Check every line below for the word "italic" and show those that hold it.

MATERIAL PROVIDED:
[Start of section]

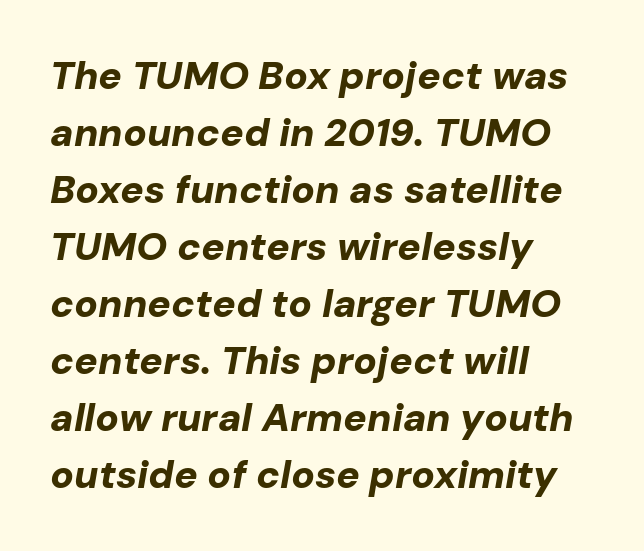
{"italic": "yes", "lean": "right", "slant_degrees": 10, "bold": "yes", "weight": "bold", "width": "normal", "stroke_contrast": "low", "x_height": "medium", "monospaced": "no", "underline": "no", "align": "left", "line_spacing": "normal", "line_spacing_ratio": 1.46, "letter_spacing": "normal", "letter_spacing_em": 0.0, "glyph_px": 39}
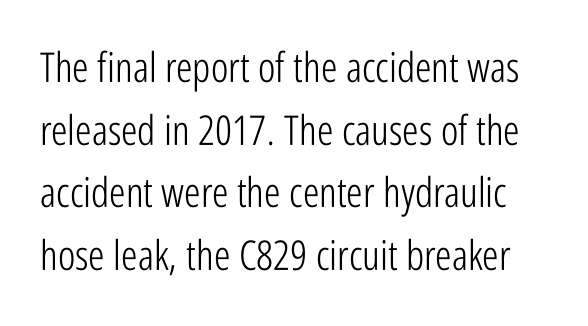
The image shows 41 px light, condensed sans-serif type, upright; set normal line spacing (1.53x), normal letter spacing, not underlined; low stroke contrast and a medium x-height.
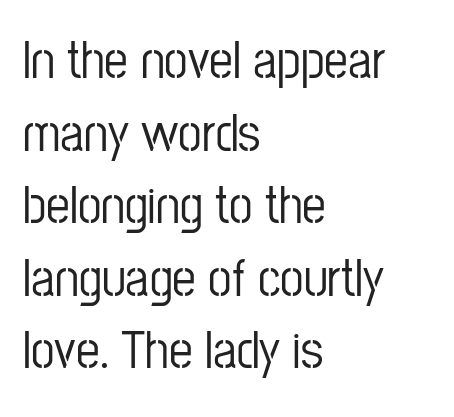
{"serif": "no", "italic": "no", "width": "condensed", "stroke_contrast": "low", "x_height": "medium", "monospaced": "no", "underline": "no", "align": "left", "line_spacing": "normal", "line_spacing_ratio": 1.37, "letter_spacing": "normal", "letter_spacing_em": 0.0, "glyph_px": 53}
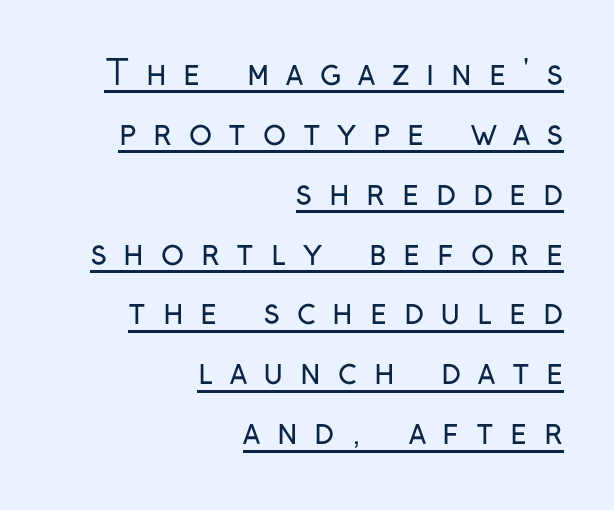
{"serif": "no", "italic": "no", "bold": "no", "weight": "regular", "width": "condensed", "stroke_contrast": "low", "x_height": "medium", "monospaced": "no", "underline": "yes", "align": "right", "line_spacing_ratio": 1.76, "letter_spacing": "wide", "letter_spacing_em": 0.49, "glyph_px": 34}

[End of section]

WRITTEN RESPONSE:
{"italic": "yes", "lean": "right", "slant_degrees": 10, "bold": "yes", "weight": "bold", "width": "normal", "stroke_contrast": "low", "x_height": "medium", "monospaced": "no", "underline": "no", "align": "left", "line_spacing": "normal", "line_spacing_ratio": 1.46, "letter_spacing": "normal", "letter_spacing_em": 0.0, "glyph_px": 39}
{"serif": "no", "italic": "no", "width": "condensed", "stroke_contrast": "low", "x_height": "medium", "monospaced": "no", "underline": "no", "align": "left", "line_spacing": "normal", "line_spacing_ratio": 1.37, "letter_spacing": "normal", "letter_spacing_em": 0.0, "glyph_px": 53}
{"serif": "no", "italic": "no", "bold": "no", "weight": "regular", "width": "condensed", "stroke_contrast": "low", "x_height": "medium", "monospaced": "no", "underline": "yes", "align": "right", "line_spacing_ratio": 1.76, "letter_spacing": "wide", "letter_spacing_em": 0.49, "glyph_px": 34}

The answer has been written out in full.